On 9 September, Spanish police raided the headquarters of the Tarragona-based weekly magazine El Vallenc. Police were reportedly searching for material which might be used to support the vote for independence.
Francesc Fàbregas, the director for the magazine, later told reporters that police were looking for voting papers and ballots that could have been printed at the office. “We didn’t commit any crime. They didn’t take any voting papers because they didn’t find them.”
On 31 July, various reporters and photographers reported that they were insulted and threatened by Spanish unionists while they were covering a street protest in Barcelona where unionists and pro-Catalan independence demonstrators opposed each other.
About a hundred left-wing supporters of Catalan independence, summoned by anti-capitalist political party CUP, protested in front of the local police barracks. At the same time about a hundred Spanish right-wing supporters organised a counter-protest against the independence movement and supported the police.
Gemma Aguilera, a journalist for the news website El Món, received death threats as an unidentified protester shouted at her: “I will find you and kill you.” Protesters shouted at Aguilera using the word “bitch” and threatened another male reporter, telling him they would “cut [his] throat”.
Responding to these media violations, the Association of Catalan Journalists, a Barcelona-based organisation committed to protecting press freedoms in the region, released a statement reporting that since the beginning of the referendum they have “received complaints from journalists who have been coerced or forced to identify themselves during the coverage of events of public interest, pressured on writings and warned about their work”.
“These events constitute a serious and frontal attack on the freedom of expression and information. As professionals of journalism and communication, due to the respect for the society we serve and to whom we are responsible, we cannot allow silence to be the answer,” ACJ stated. “The fundamental rights of freedom of expression and information cannot be eroded, and the public and private media have the duty and the right to work freely to be able to inform about them.”
ACJ have since “demand[ed] the immediate halt” of the threats and obstructions.
Daniel Gascón, an editor for Letras Libres España, has explained in a recent article on the referendum that the Spanish authorities are simply employing its full legal arsenal to stop the unconstitutional referendum. In a statement to Index on Censorship, Gascón said: “The Spanish government’s duty is to uphold the Constitution. The Spanish state has to protect the rights of its citizens – in doing so it must obviously respect its own laws, which consecrate the principle of freedom of expression.”

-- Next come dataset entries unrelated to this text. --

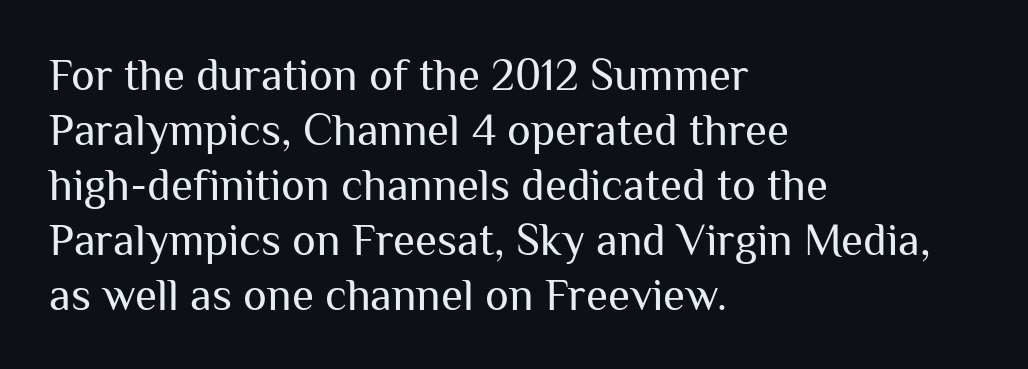
{"serif": "no", "italic": "no", "bold": "no", "weight": "regular", "width": "normal", "stroke_contrast": "medium", "x_height": "medium", "monospaced": "no", "underline": "no", "align": "left", "line_spacing_ratio": 1.22, "letter_spacing": "normal", "letter_spacing_em": 0.0, "glyph_px": 45}
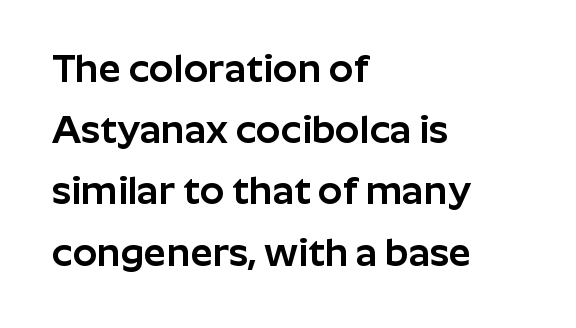
The image shows 39 px sans-serif type, upright; set left-aligned, normal line spacing (1.57x), normal letter spacing, not underlined; low stroke contrast and a medium x-height.
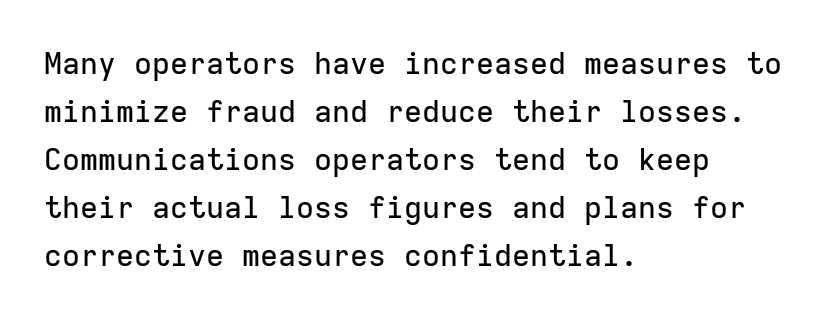
Q: Is the text italic (slanted)? A: No, it is upright.
Q: Is the typeface a serif or a sans-serif typeface? A: Sans-serif.
Q: Is the text underlined? A: No.
Q: How is the paragraph aligned? A: Left-aligned.
Q: Is the spacing between letters normal or unusually wide? A: Normal.
Q: Is the spacing between lines tight, normal or loose? A: Normal.
Q: Width (condensed, normal, or wide)? A: Normal.
Q: Stroke contrast? A: Low.
Q: x-height? A: Medium.
Q: Monospaced? A: Yes.
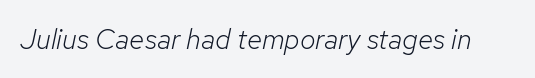
Glyph-to-glyph distance matches everyday printed text. Proportional: the letters do not fall into vertical columns. The characters are drawn with everyday or finer stroke widths. Rule under the text: the space is simply empty.
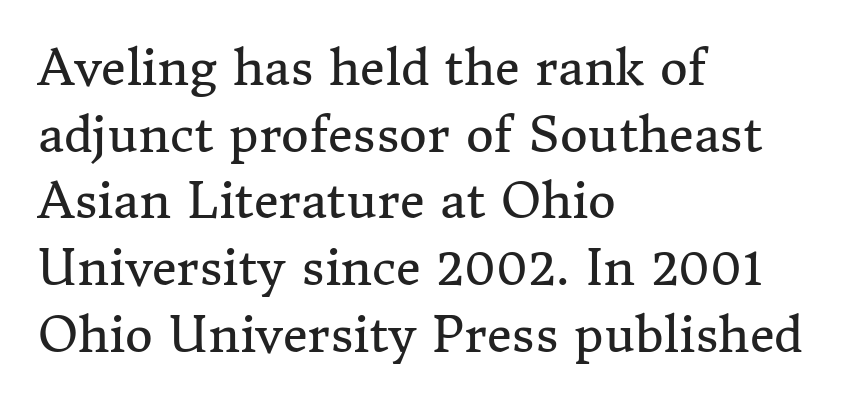
This sample keeps an unexceptional amount of space between lines. Compared with a typical body face, this is equally light or lighter still. A serif font was chosen for this passage. Honestly, there is no underline to notice here at all. The letters advance in unequal steps, a hallmark of proportional type.
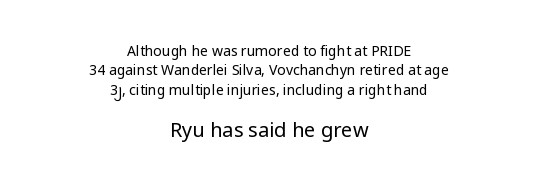
Caption: standard tracking, unaltered. Rows of type keep a routine distance in the vertical direction. Ascenders rise straight up at ninety degrees. Is the stroke heavy? The answer is a plain regular-or-lighter.
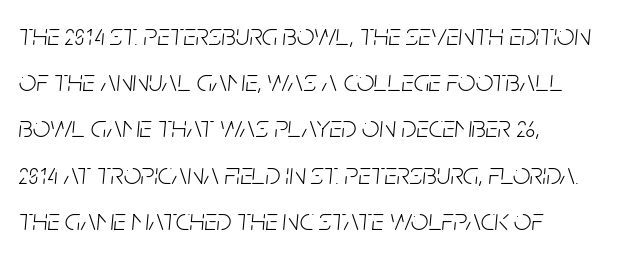
Italic? Definitely — the glyphs are oblique. Is the block centered? No — it sits flush against the left margin. Caption: standard tracking, unaltered. A bare baseline throughout the passage.
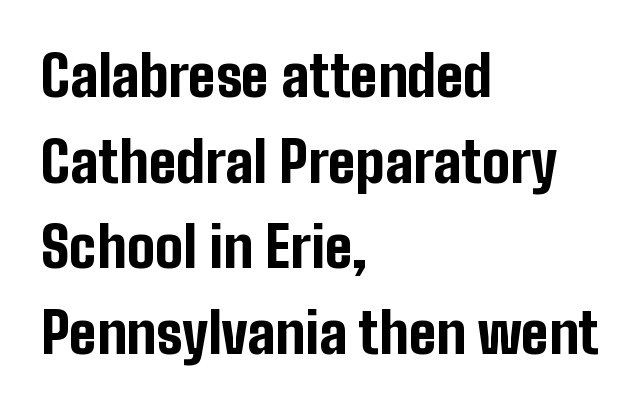
{"serif": "no", "italic": "no", "bold": "yes", "weight": "bold", "width": "condensed", "stroke_contrast": "low", "x_height": "medium", "monospaced": "no", "underline": "no", "align": "left", "line_spacing": "normal", "line_spacing_ratio": 1.53, "letter_spacing": "normal", "letter_spacing_em": 0.0, "glyph_px": 56}
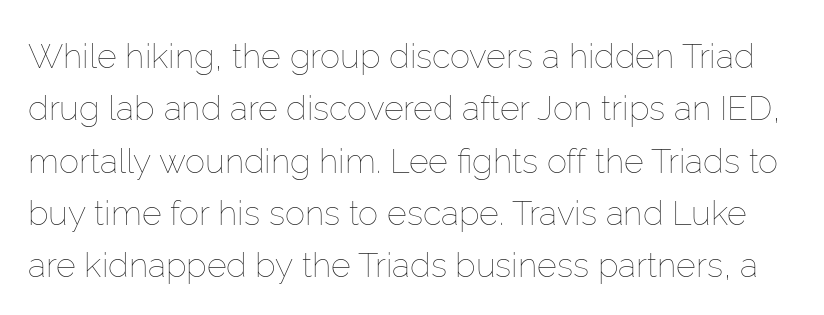
You could not count columns in this text — the font is proportionally spaced. Regular leading. Students, note that the glyphs here touch the page at normal intervals. Think standard paragraph weight, or any step lighter than that. The letters stand straight up with perfectly vertical stems.
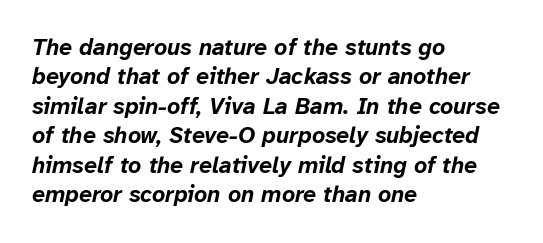
The image shows 23 px bold type, italic (leaning right); set left-aligned, normal line spacing (1.28x), normal letter spacing, not underlined.
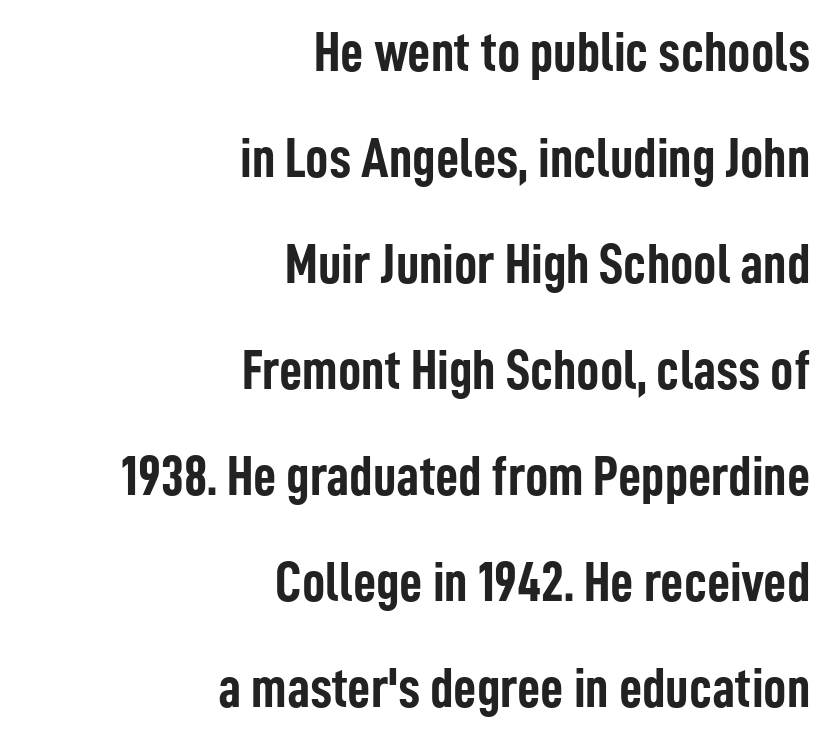
{"serif": "no", "italic": "no", "bold": "yes", "weight": "semibold", "width": "condensed", "stroke_contrast": "low", "x_height": "medium", "monospaced": "no", "underline": "no", "align": "right", "line_spacing_ratio": 1.86, "letter_spacing": "normal", "letter_spacing_em": 0.0, "glyph_px": 57}
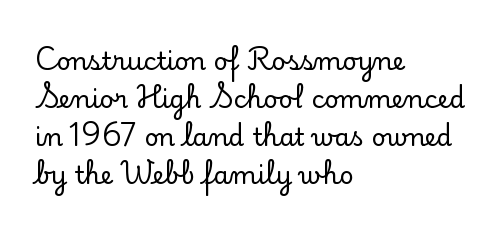
The image shows 25 px text type, upright; set left-aligned, normal line spacing (1.52x), normal letter spacing, not underlined.
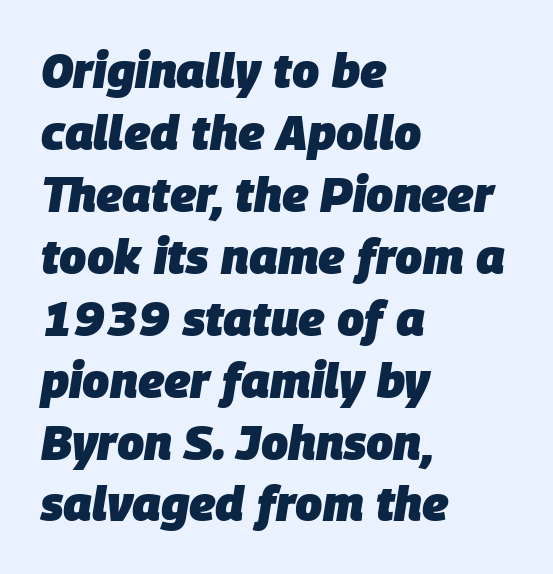
The image shows 48 px heavy type, italic (leaning right); set left-aligned, normal line spacing (1.29x), normal letter spacing, not underlined; low stroke contrast and a large x-height.

In regards to the Catalan media being a part of either side’s campaigning strategy, Gascón said that “public media in Catalonia have often assumed a partial point of view”, yet “there should be a conversation about the use of TV3 as a political instrument and about the promiscuity between the media and the political sphere”.
“In June the Catalan parliament passed a notion not to pay subsidies to media that did not publicize the referendum,” Gascón added. “In the last few months, there have been some worrying instances of journalists singled out by Catalan government officials.”
Reports submitted to Index on Censorship’s Mapping Media Freedom project regarding the referendum do not just show violations from unionists. Voices critical of the Catalan government have also been silenced in the heated run-up the referendum.
On 22 July, the Barcelona-based daily newspaper La Vanguardia did not publish a column written by writer and journalist Gregorio Morán in which he criticised the regional government of Catalonia.
The piece, entitled The Media of the National Movement (Los Medios del Movimiento Nacional), mentioned Márius Carol, the director of La Vanguardia, and quoted part of one of his articles.
Morán accused the Catalan media of receiving large sums of public money and added that it was no surprise to see them praising Catalan independence. He also called the Catalan government “corrupt” and described them as the “taliban who govern us”.
Morán was not given an explanation as to why his article was pulled.